### SUPPLIED DATA
○ ○ ○ ○ ○ ○ ○
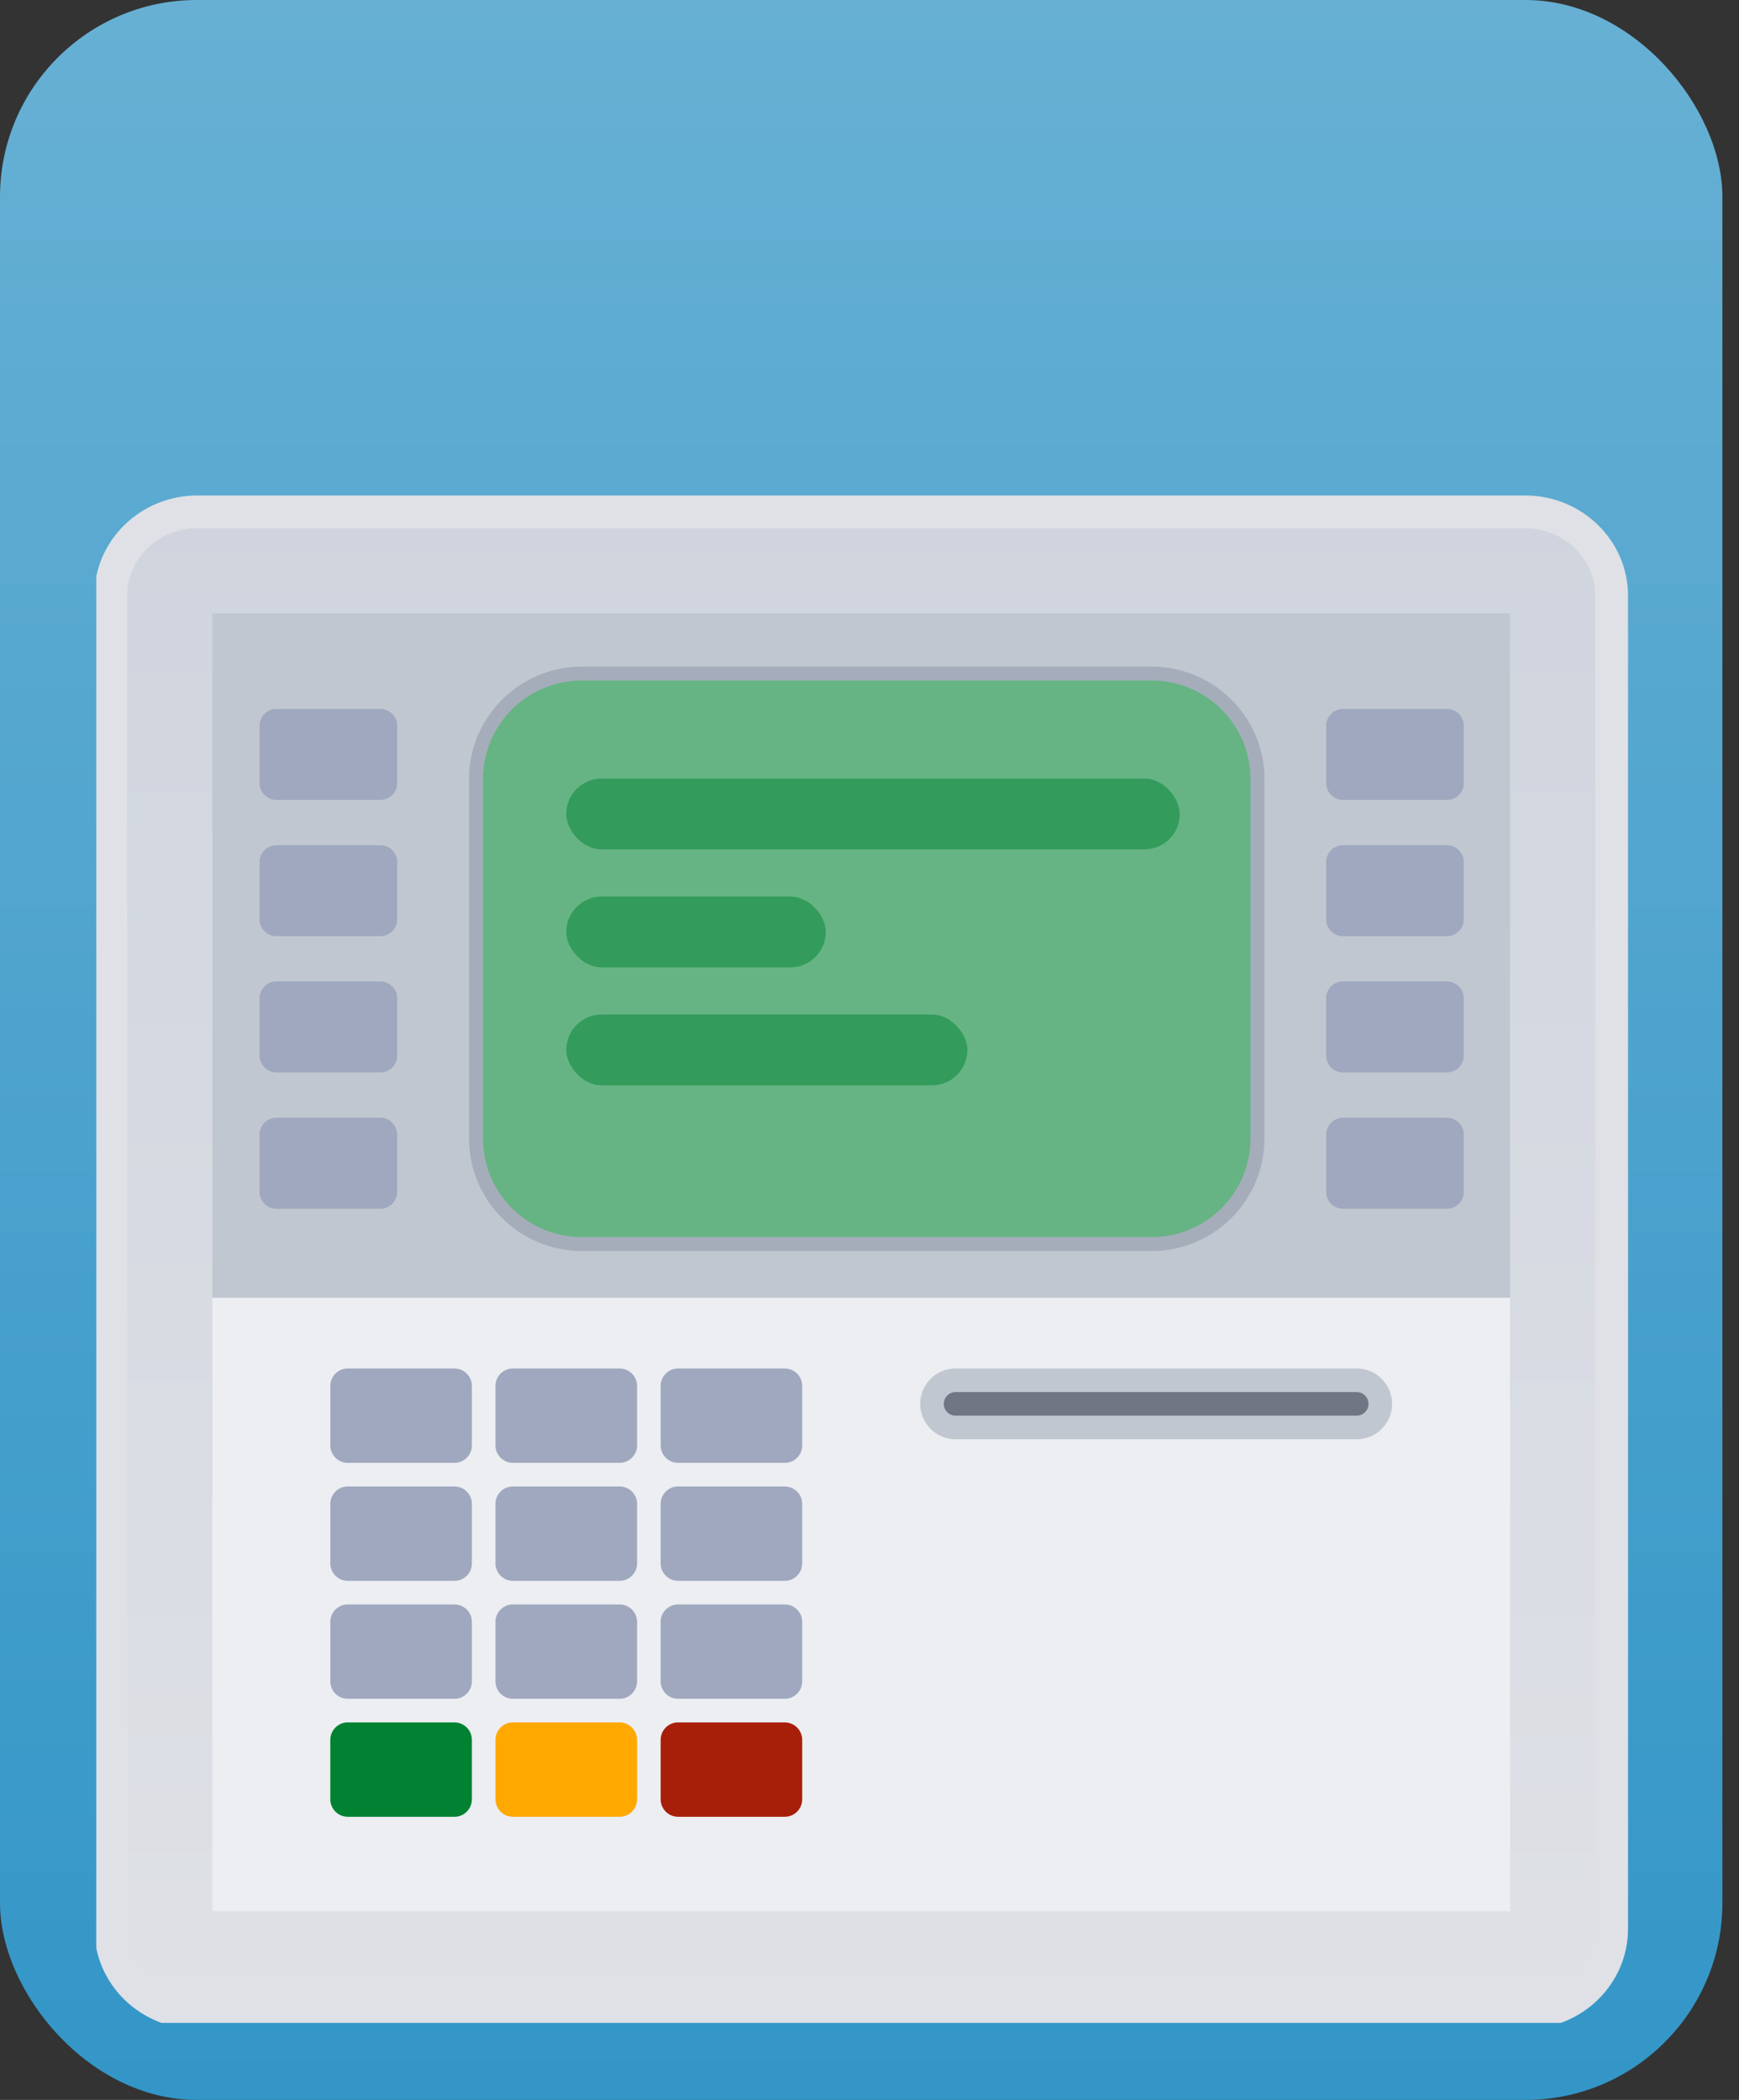 <svg width="53" height="64" viewBox="0 0 53 64" fill="none" xmlns="http://www.w3.org/2000/svg">
<rect x="0" y="0" width="53" height="64" fill="#333333" stroke="none"/>
<rect width="52.494" height="64" rx="6" fill="url(#paint0_linear_147_10998)"/>
<g clip-path="url(#clip0_147_10998)">
<path d="M6.016 15.601H46.478C47.948 15.601 49.118 16.759 49.118 18.155V58.788C49.118 60.185 47.948 61.343 46.478 61.343H6.016C4.546 61.343 3.376 60.185 3.376 58.788V18.155C3.376 16.759 4.546 15.601 6.016 15.601Z" fill="url(#paint1_linear_147_10998)" stroke="#DFE1E6"/>
<path d="M46.023 39.551H6.472V58.247H46.023V39.551Z" fill="#ECEEF2"/>
<path d="M46.023 18.697H6.472V39.551H46.023V18.697Z" fill="#C1C7D0"/>
<path d="M35.098 20.529H17.734C15.952 20.529 14.507 21.97 14.507 23.746V34.699C14.507 36.476 15.952 37.916 17.734 37.916H35.098C36.88 37.916 38.325 36.476 38.325 34.699V23.746C38.325 21.97 36.88 20.529 35.098 20.529Z" fill="#66B484"/>
<path d="M35.098 20.741C36.763 20.741 38.112 22.087 38.112 23.746V34.699C38.112 36.359 36.762 37.704 35.098 37.704H17.734C16.069 37.704 14.72 36.358 14.72 34.699V23.746C14.72 22.086 16.07 20.741 17.734 20.741H35.098ZM35.098 20.317H17.734C15.837 20.317 14.294 21.855 14.294 23.746V34.699C14.294 36.59 15.837 38.128 17.734 38.128H35.098C36.995 38.128 38.538 36.59 38.538 34.699V23.746C38.538 21.855 36.995 20.317 35.098 20.317Z" fill="#A5ADBA"/>
<path d="M8.426 21.607H11.59C11.875 21.607 12.105 21.837 12.105 22.121V23.866C12.105 24.15 11.875 24.38 11.59 24.38H8.426C8.142 24.38 7.91 24.15 7.91 23.866V22.12C7.91 21.835 8.141 21.605 8.426 21.605V21.607Z" fill="#9FA8BE"/>
<path d="M10.598 41.709H13.852C14.145 41.709 14.382 41.947 14.382 42.242V44.051C14.382 44.346 14.145 44.584 13.852 44.584H10.598C10.306 44.584 10.067 44.346 10.067 44.051V42.241C10.067 41.946 10.305 41.708 10.598 41.708V41.709Z" fill="#9FA8BE"/>
<path d="M10.598 45.304H13.852C14.145 45.304 14.382 45.543 14.382 45.837V47.647C14.382 47.941 14.145 48.18 13.852 48.18H10.598C10.306 48.18 10.067 47.941 10.067 47.647V45.836C10.067 45.542 10.305 45.303 10.598 45.303V45.304Z" fill="#9FA8BE"/>
<path d="M10.598 48.9H13.852C14.145 48.9 14.382 49.138 14.382 49.433V51.242C14.382 51.537 14.145 51.775 13.852 51.775H10.598C10.306 51.775 10.067 51.537 10.067 51.242V49.432C10.067 49.137 10.305 48.899 10.598 48.899V48.9Z" fill="#9FA8BE"/>
<path d="M10.598 52.495H13.852C14.145 52.495 14.382 52.734 14.382 53.029V54.838C14.382 55.132 14.145 55.371 13.852 55.371H10.598C10.306 55.371 10.067 55.132 10.067 54.838V53.027C10.067 52.733 10.305 52.494 10.598 52.494V52.495Z" fill="#008232"/>
<path d="M15.632 41.709H18.885C19.178 41.709 19.416 41.947 19.416 42.242V44.051C19.416 44.346 19.178 44.584 18.885 44.584H15.632C15.339 44.584 15.101 44.346 15.101 44.051V42.241C15.101 41.946 15.338 41.708 15.632 41.708V41.709Z" fill="#9FA8BE"/>
<path d="M15.632 45.304H18.885C19.178 45.304 19.416 45.543 19.416 45.837V47.647C19.416 47.941 19.178 48.18 18.885 48.18H15.632C15.339 48.18 15.101 47.941 15.101 47.647V45.836C15.101 45.542 15.338 45.303 15.632 45.303V45.304Z" fill="#9FA8BE"/>
<path d="M15.632 48.9H18.885C19.178 48.9 19.416 49.138 19.416 49.433V51.242C19.416 51.537 19.178 51.775 18.885 51.775H15.632C15.339 51.775 15.101 51.537 15.101 51.242V49.432C15.101 49.137 15.338 48.899 15.632 48.899V48.9Z" fill="#9FA8BE"/>
<path d="M15.632 52.495H18.885C19.178 52.495 19.416 52.734 19.416 53.029V54.838C19.416 55.132 19.178 55.371 18.885 55.371H15.632C15.339 55.371 15.101 55.132 15.101 54.838V53.027C15.101 52.733 15.338 52.494 15.632 52.494V52.495Z" fill="#FFA800"/>
<path d="M20.665 41.709H23.919C24.212 41.709 24.449 41.947 24.449 42.242V44.051C24.449 44.346 24.212 44.584 23.919 44.584H20.665C20.373 44.584 20.135 44.346 20.135 44.051V42.241C20.135 41.946 20.372 41.708 20.665 41.708V41.709Z" fill="#9FA8BE"/>
<path d="M20.665 45.304H23.919C24.212 45.304 24.449 45.543 24.449 45.837V47.647C24.449 47.941 24.212 48.18 23.919 48.18H20.665C20.373 48.18 20.135 47.941 20.135 47.647V45.836C20.135 45.542 20.372 45.303 20.665 45.303V45.304Z" fill="#9FA8BE"/>
<path d="M20.665 48.9H23.919C24.212 48.9 24.449 49.138 24.449 49.433V51.242C24.449 51.537 24.212 51.775 23.919 51.775H20.665C20.373 51.775 20.135 51.537 20.135 51.242V49.432C20.135 49.137 20.372 48.899 20.665 48.899V48.9Z" fill="#9FA8BE"/>
<path d="M20.665 52.495H23.919C24.212 52.495 24.449 52.734 24.449 53.029V54.838C24.449 55.132 24.212 55.371 23.919 55.371H20.665C20.373 55.371 20.135 55.132 20.135 54.838V53.027C20.135 52.733 20.372 52.494 20.665 52.494V52.495Z" fill="#A81F09"/>
<path d="M8.427 25.759H11.591C11.876 25.759 12.106 25.989 12.106 26.273V28.019C12.106 28.303 11.876 28.533 11.591 28.533H8.427C8.143 28.533 7.911 28.303 7.911 28.019V26.272C7.911 25.988 8.142 25.758 8.427 25.758V25.759Z" fill="#9FA8BE"/>
<path d="M8.428 29.912H11.591C11.876 29.912 12.106 30.142 12.106 30.426V32.172C12.106 32.456 11.876 32.686 11.591 32.686H8.427C8.143 32.686 7.911 32.456 7.911 32.172V30.425C7.911 30.141 8.142 29.911 8.427 29.911L8.428 29.912Z" fill="#9FA8BE"/>
<path d="M8.427 34.066H11.59C11.875 34.066 12.105 34.296 12.105 34.58V36.326C12.105 36.61 11.875 36.84 11.59 36.84H8.426C8.142 36.84 7.91 36.61 7.91 36.326V34.579C7.91 34.295 8.141 34.065 8.426 34.065L8.427 34.066Z" fill="#9FA8BE"/>
<path d="M40.933 21.606H44.097C44.382 21.606 44.613 21.837 44.613 22.121V23.866C44.613 24.15 44.382 24.38 44.097 24.38H40.933C40.648 24.38 40.418 24.15 40.418 23.866V22.121C40.418 21.837 40.648 21.606 40.933 21.606Z" fill="#9FA8BE"/>
<path d="M40.933 25.759H44.097C44.382 25.759 44.613 25.989 44.613 26.273V28.019C44.613 28.303 44.382 28.533 44.097 28.533H40.933C40.648 28.533 40.418 28.303 40.418 28.019V26.273C40.418 25.989 40.648 25.759 40.933 25.759Z" fill="#9FA8BE"/>
<path d="M40.933 29.912H44.096C44.381 29.912 44.612 30.142 44.612 30.426V32.172C44.612 32.456 44.381 32.686 44.096 32.686H40.932C40.647 32.686 40.417 32.456 40.417 32.172V30.425C40.417 30.141 40.647 29.911 40.932 29.911L40.933 29.912Z" fill="#9FA8BE"/>
<path d="M40.933 34.066H44.097C44.382 34.066 44.613 34.296 44.613 34.58V36.326C44.613 36.61 44.382 36.84 44.097 36.84H40.933C40.648 36.84 40.418 36.61 40.418 36.326V34.579C40.418 34.295 40.648 34.065 40.933 34.065V34.066Z" fill="#9FA8BE"/>
<rect x="17.258" y="23.73" width="18.697" height="2.157" rx="1.079" fill="#339B5B"/>
<rect x="17.258" y="27.326" width="7.91" height="2.157" rx="1.079" fill="#339B5B"/>
<rect x="17.258" y="30.921" width="12.225" height="2.157" rx="1.079" fill="#339B5B"/>
<path d="M41.348 41.708H29.124C28.528 41.708 28.045 42.191 28.045 42.786C28.045 43.382 28.528 43.865 29.124 43.865H41.348C41.944 43.865 42.427 43.382 42.427 42.786C42.427 42.191 41.944 41.708 41.348 41.708Z" fill="#C1C7D0"/>
<path d="M41.348 42.427H29.124C28.925 42.427 28.764 42.588 28.764 42.786C28.764 42.985 28.925 43.146 29.124 43.146H41.348C41.547 43.146 41.708 42.985 41.708 42.786C41.708 42.588 41.547 42.427 41.348 42.427Z" fill="#707683"/>
</g>
<defs>
<linearGradient id="paint0_linear_147_10998" x1="26.247" y1="0" x2="26.247" y2="64" gradientUnits="userSpaceOnUse">
<stop stop-color="#67B0D4"/>
<stop offset="1" stop-color="#3396C7"/>
</linearGradient>
<linearGradient id="paint1_linear_147_10998" x1="26.247" y1="15.101" x2="26.247" y2="61.843" gradientUnits="userSpaceOnUse">
<stop stop-color="#CFD4DE"/>
<stop offset="1" stop-color="#DFE1E6"/>
</linearGradient>
<clipPath id="clip0_147_10998">
<rect x="2.935" y="13.516" width="46.962" height="48.136" fill="white"/>
</clipPath>
</defs>
</svg>
○ ○ ○ ○ ○ ○ ○
### EXERCISE DESCRIPTION
Copy out each line of the records where the string "offset" appears.

### SOLUTION TO THE EXERCISE
<stop offset="1" stop-color="#3396C7"/>
<stop offset="1" stop-color="#DFE1E6"/>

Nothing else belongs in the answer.